INFORMATION GIVEN START
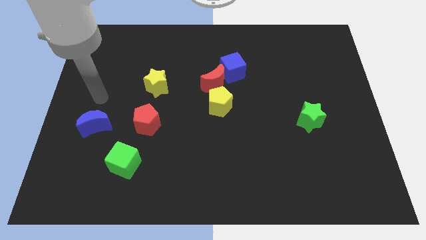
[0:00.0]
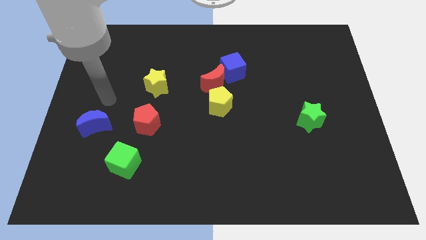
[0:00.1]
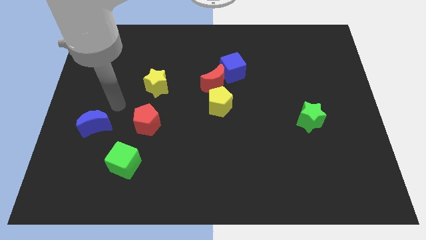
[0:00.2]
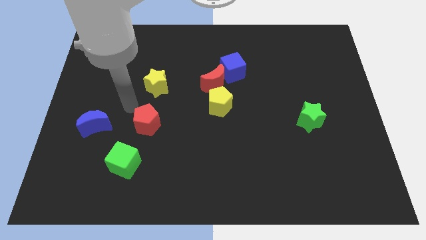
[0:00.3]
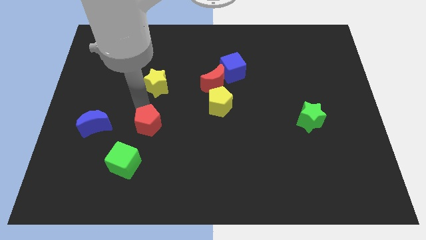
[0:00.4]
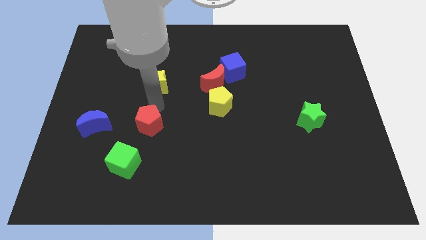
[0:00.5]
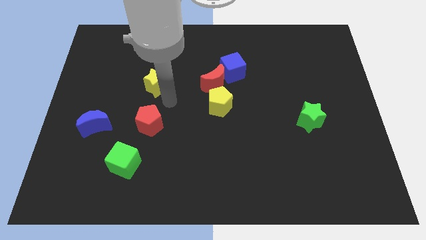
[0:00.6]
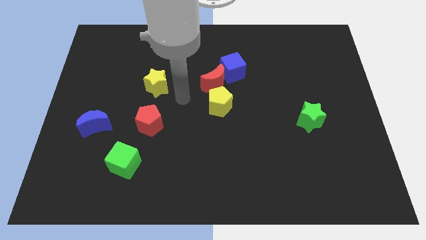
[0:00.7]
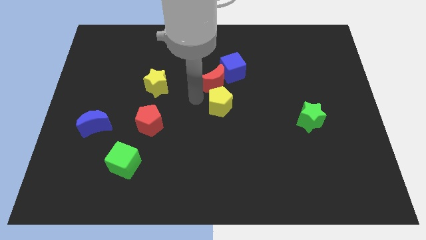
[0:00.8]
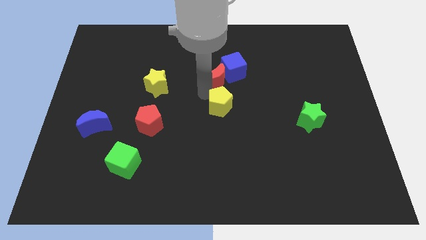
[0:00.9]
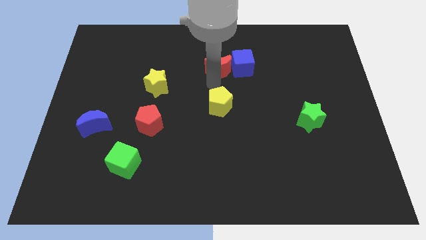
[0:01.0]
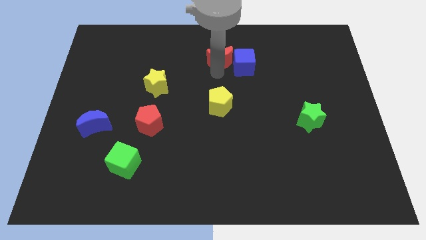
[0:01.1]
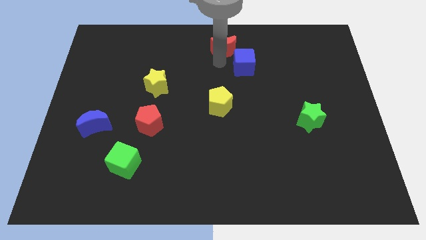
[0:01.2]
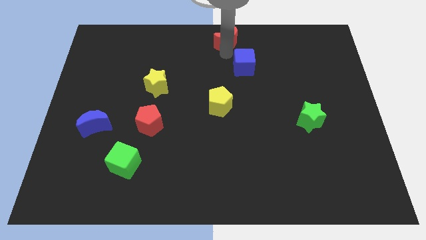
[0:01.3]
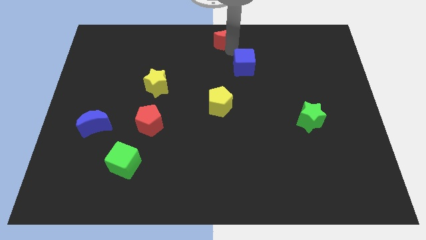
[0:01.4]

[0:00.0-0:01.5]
move the blue cube away from the red moon

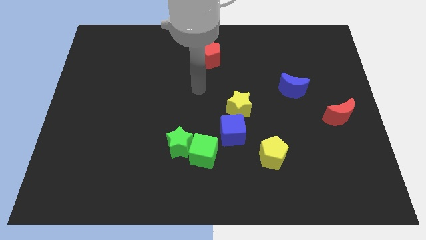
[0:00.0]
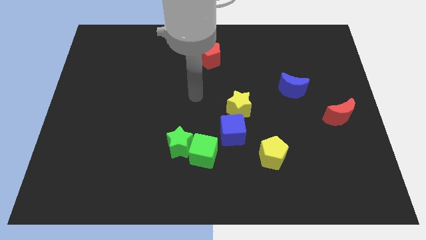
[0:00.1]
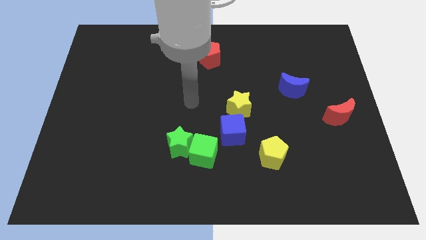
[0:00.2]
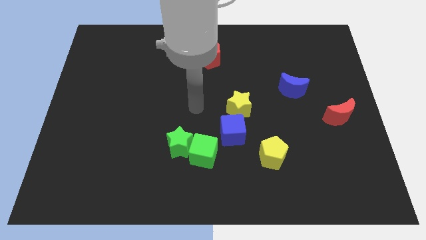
INFORMATION GIVEN END
→ ASSIGNED TASK:
Return the whole listing exactly, minus its pictures.

→ ANSWER AREA:
[0:00.0]
[0:00.1]
[0:00.2]
[0:00.3]
[0:00.4]
[0:00.5]
[0:00.6]
[0:00.7]
[0:00.8]
[0:00.9]
[0:01.0]
[0:01.1]
[0:01.2]
[0:01.3]
[0:01.4]

[0:00.0-0:01.5]
move the blue cube away from the red moon

[0:00.0]
[0:00.1]
[0:00.2]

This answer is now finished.